Nejc Pačnik (born 28 October 1990) is a Slovenian diatonic button accordion, an accordion world champion and accordion teacher.

== Early life ==
Pačnik was born on 28 October 1990 in Slovenj Gradec, Slovenia. He attended a primary school located in his hometown Škale and in Velenje. He continued his education at the Wood Secondary School in Slovenj Gradec, Slovenia. His interest in playing a diatonic accordion was raised early since his 4th year when his grandfather Franc showed him the first steps into this instrument and inspired him enormously.

==Career==
At the age of five, he started taking lessons from Tine Lesjak in Slovenia. After two years, he changed teachers and started learning from Robert Golicnik. At eight, he participated at a remarkable Slovenian Competition "Delcnjak's Memorial" for the first time and won the competition.

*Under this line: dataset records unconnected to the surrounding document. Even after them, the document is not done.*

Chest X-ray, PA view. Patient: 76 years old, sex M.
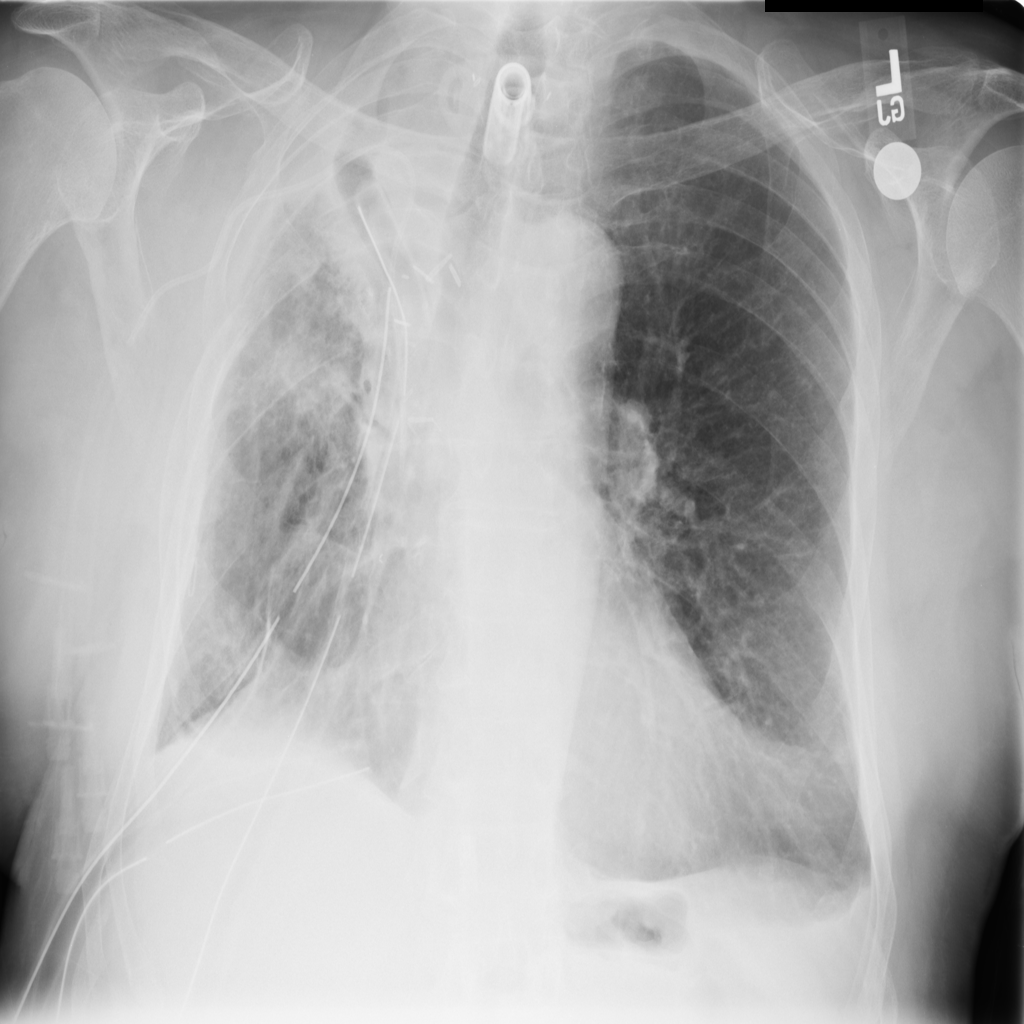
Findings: Effusion, Infiltration
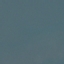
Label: SeaLake
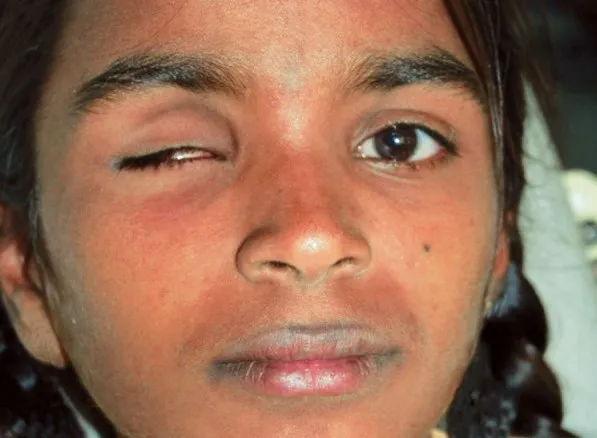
Patient with missing right eye.
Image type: medical_photograph (other_medical_photograph)
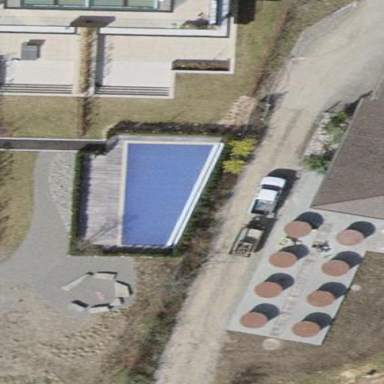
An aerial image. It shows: Swimming pool located in leisure land.
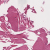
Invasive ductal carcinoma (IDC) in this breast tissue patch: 0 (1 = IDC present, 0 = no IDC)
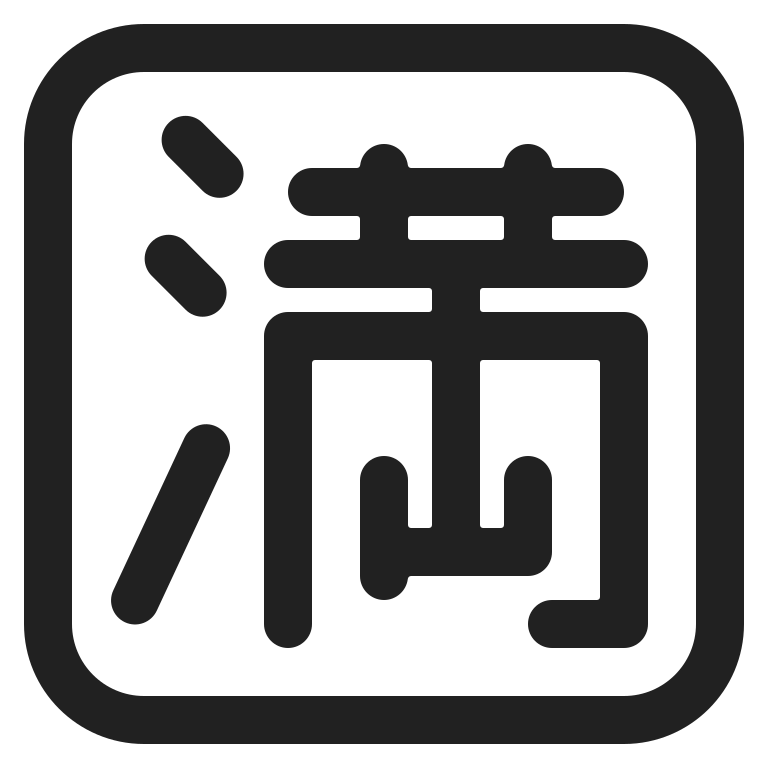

At the age of twelve, he participated at a charity concert where he heard the world champion accordionist Robert Gotar for the first time. The same year, under the mentorship of Robert Gotar, he performed at the Slovenian competition "Golden Accordion Award of Ljubečna" where he got into half finals.

He became a European Absolute Champion in Attimis in Italy in 2007. His beginner's competition career proceeded in 2008 when he became an absolute winner of Golden Accordion Award of Ljubecna.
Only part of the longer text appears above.